Polícia dos EUA atira em jovem de 13 anos com autismo após pedido de ajuda da mãe

No momento da abordagem, os policiais atiraram várias vezes no garoto, que ficou gravemente ferido depois do incidente

  • Por Jovem Pan
  • 08/09/2020 18h02
Reprodução/KUTVLinden Cameron foi baleado por policiais

Um caso trágico agitou a cidade de Salt Lake City, em Utah, nos Estados Unidos. Golda Barton ligou para a polícia local, na última sexta-feira, 4, para pedir ajuda enquanto seu filho Linden Cameron, de apenas 13 anos de idade, sofria de “um colapso mental” – o jovem e portador da Síndrome de Asperger, um dos transtornos do espectro do autismo. No momento da abordagem, no entanto, os policiais atiraram várias vezes no garoto, que ficou gravemente ferido depois do incidente. Segundo o Washington Post, Cameron apresenta lesões nos intestinos, bexiga, tornozelos e ombros. A mãe afirma que ele não estava armado e tampouco foi encontrado alguma arma no local.

“Eu disse: ‘Olha, ele está desarmado. Ele não tem nada. Ele simplesmente fica bravo e começa a gritar e berrar’. Ele é uma criança que está tentando chamar a atenção. Ele não sabe como regular”, disse Barton à CNN. “Quando a polícia chegou, eu ouvi alguém gritar: ‘deite no chão’ por três vezes, logo antes dos tiros”, relatou a mulher norte-americana. “Por que eles atiraram nele? Por que não atiraram nele com uma bala de borracha? Ele é uma criança pequena. Por que eles simplesmente não o enfrentaram? Eles são grandes policiais com enormes quantidades de recursos”, questionou.
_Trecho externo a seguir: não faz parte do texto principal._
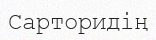
Сарторидің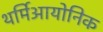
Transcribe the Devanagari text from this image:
थर्मिआयोनिक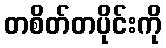
တစိတ်တပိုင်းကို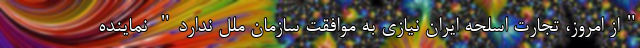
"از امروز، تجارت اسلحه ایران نیازی به موافقت سازمان ملل ندارد" نماینده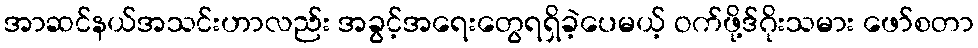
အာဆင်နယ်အသင်းဟာလည်း အခွင့်အရေးတွေရရှိခဲ့ပေမယ့် ဝက်ဖို့ဒ်ဂိုးသမား ဖော်စတာ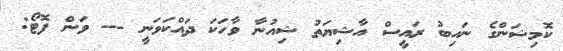
ކޮމިޝަންގެ ނައިބު ރައީސް އާޝިޔަތު ޝިއުނާ ވާހަކަ ދައްކަވަނީ --- ވަން ފޮޓޯ: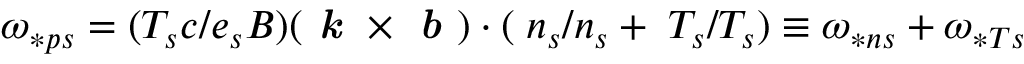
\omega _ { \ast p s } = ( T _ { s } c / e _ { s } B ) ( { \textbf { \emph k } } \times { \textbf { \emph b } } ) \cdot ( { \bf \nabla } n _ { s } / n _ { s } + { \bf \nabla } T _ { s } / T _ { s } ) \equiv \omega _ { \ast n s } + \omega _ { \ast T s }

Sargento da Polícia de Salt Lake City, Keith Horrocks disse em uma entrevista coletiva, no sábado, que os policiais foram chamados para a área porque um menino estava tendo um “episódio psicológico e fez ameaças a algumas pessoas com a arma”. Golda Barton, no entanto, negou que o filho portasse qualquer tipo de arma e contou que ele estava em choque por ter ficado sozinho durante o dia após um longo tempo. O detetive Greg Wilking, porta-voz do Departamento de Polícia de Salt Lake City, disse nesta terça-feira que não poderia falar especificamente sobre se o menino tinha uma arma ou “quais eram as ameaças percebidas pelos policiais”, citando apenas que essas questões seriam determinadas por a investigação. “A mãe pode dizer o que quiser, mas há uma investigação que precisa acontecer e esse processo que precisa acontecer”, disse Wilking, em entrevista à CNN.

Já o prefeito de Salt Lake City, Eric Mendenhall, pediu transparência na investigação e agradeceu por ninguém ter morrido no incidente. “Embora os detalhes completos deste incidente ainda não tenham sido divulgados durante a investigação, direi que estou grato por este jovem estar vivo e ninguém mais ter se ferido. Não importa as circunstâncias, o que aconteceu na sexta-feira à noite é uma tragédia e espero que esta investigação seja conduzida com rapidez e transparência para o bem de todos os envolvidos”, comentou.